"Where?" cried the officer in command of the deck.
"Right ahead, sir."
Ere another word could be said, there was a shock—a yell as if from the bosom of the sea, and with a mighty crash we were upon her!
I sprang upon the poop, and saw ahead, two tottering masts sink like phantoms under our lee bow, and in another instant, the wreck of a brig we had cleft in two, was swept past me, and sank astern. I saw a few miserable men, half naked, or just as they had sprung from bed, clinging to the tophamper, while the crushed and shattered hull went down into the trough of the midnight sea, and from its dark and horrid valley, their cries of death and despair rose mournfully to the lofty poop, from whence I surveyed them.
All this was but the vision of a moment, for the howling blast which hurried us on, swept the wreck, and the poor wretches who floated about it, alike out of sight and hearing.

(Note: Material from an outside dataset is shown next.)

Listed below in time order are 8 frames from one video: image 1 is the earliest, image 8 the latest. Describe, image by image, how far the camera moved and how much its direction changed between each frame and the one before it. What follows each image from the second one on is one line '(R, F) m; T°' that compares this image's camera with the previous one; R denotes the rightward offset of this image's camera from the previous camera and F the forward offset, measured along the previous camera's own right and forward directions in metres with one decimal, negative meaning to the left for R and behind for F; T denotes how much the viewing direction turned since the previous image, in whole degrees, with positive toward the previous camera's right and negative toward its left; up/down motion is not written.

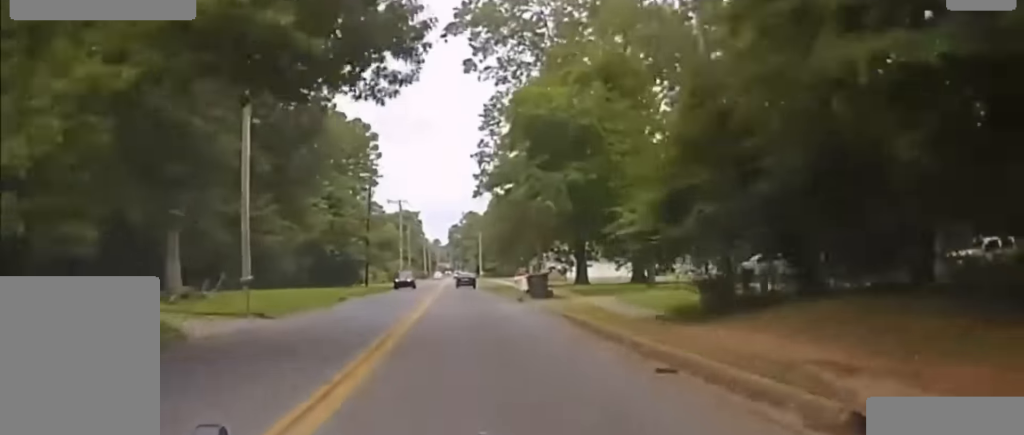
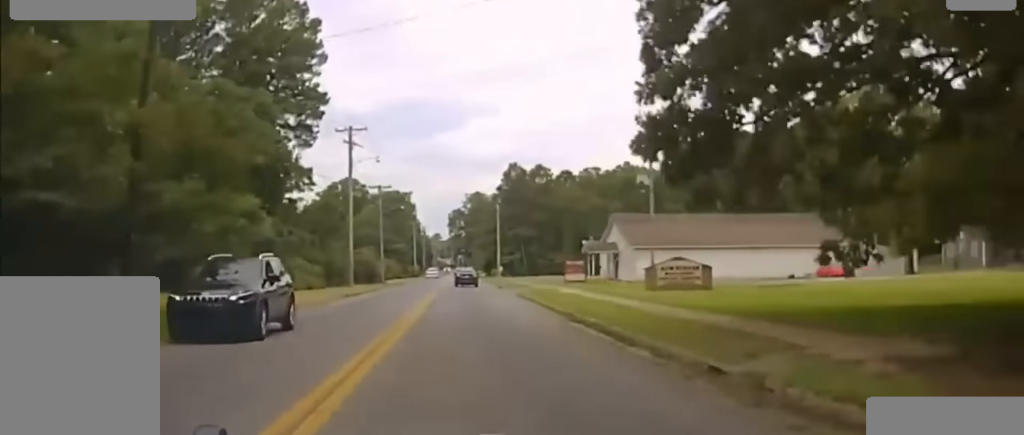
(0.0, +69.4) m; 0°
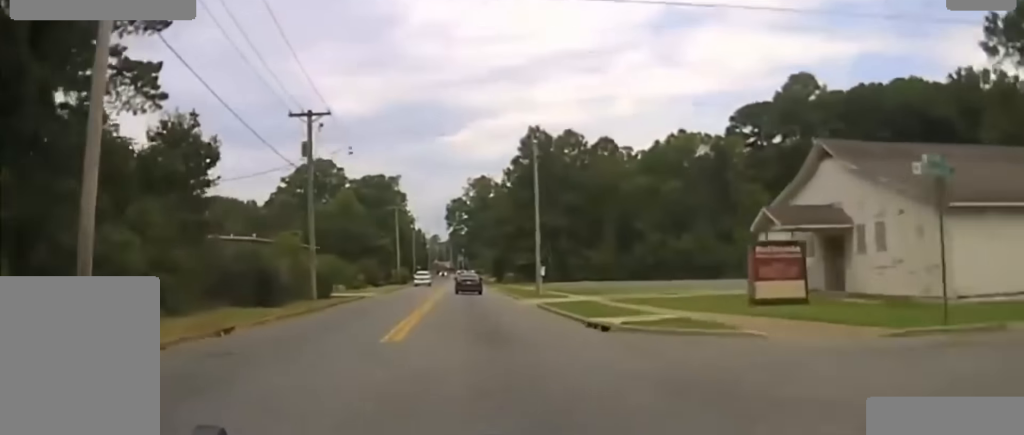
(0.0, +58.2) m; 0°
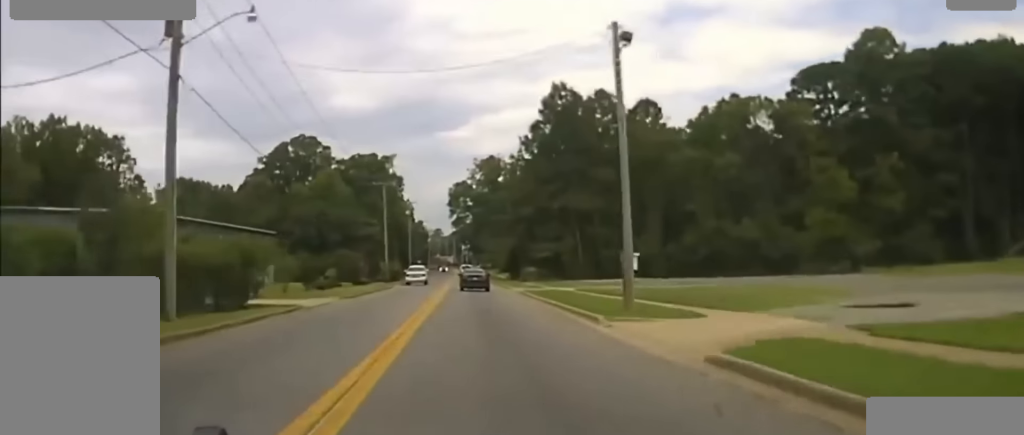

"Lay the foreyard to the wind—officer of the watch! ''Sdeath where is the officer of the watch?" bellowed Captain Cranky, through his trumpet, as he rushed on deck; "pipe away the cutter—over with the life-buoys—up with more lanterns!"
The Adder was under such way, that some time elapsed before she could be put about; but as boats could not be lowered in such a sea, Cranky was obliged to content himself with firing guns, and burning blue lights, amid the haze and gusty wind of that gloomy and mournful night.
We hovered about the place for an hour: but all was silent, save the voice of the wind, which howled through the rigging, and tore the foamy crests off the billows as they rose above the line of the sea. Of that doomed ship, we saw and heard no more.
The next day dawned clear and beautiful; but the sea was swept by glasses in vain for a trace of the wreck. Indeed we were then far from the scene of the catastrophe, which was the source of much ill-feeling between Captain Cranky, and the Earl of Kildonan, the former asserting that "but for the blundering stupidity of some of his blubberly Scotsmen, who formed part of the forecastle watch, and failed to keep a proper look-out, the collision would never have occurred."
The Earl, who was proud, fiery, and high-spirited, resented the overbearing manner, the coarseness and tyranny of Captain Cranky; thus bitter words ensued between them—so bitter that we were certain a duel would follow as soon as we came in sight of land anywhere.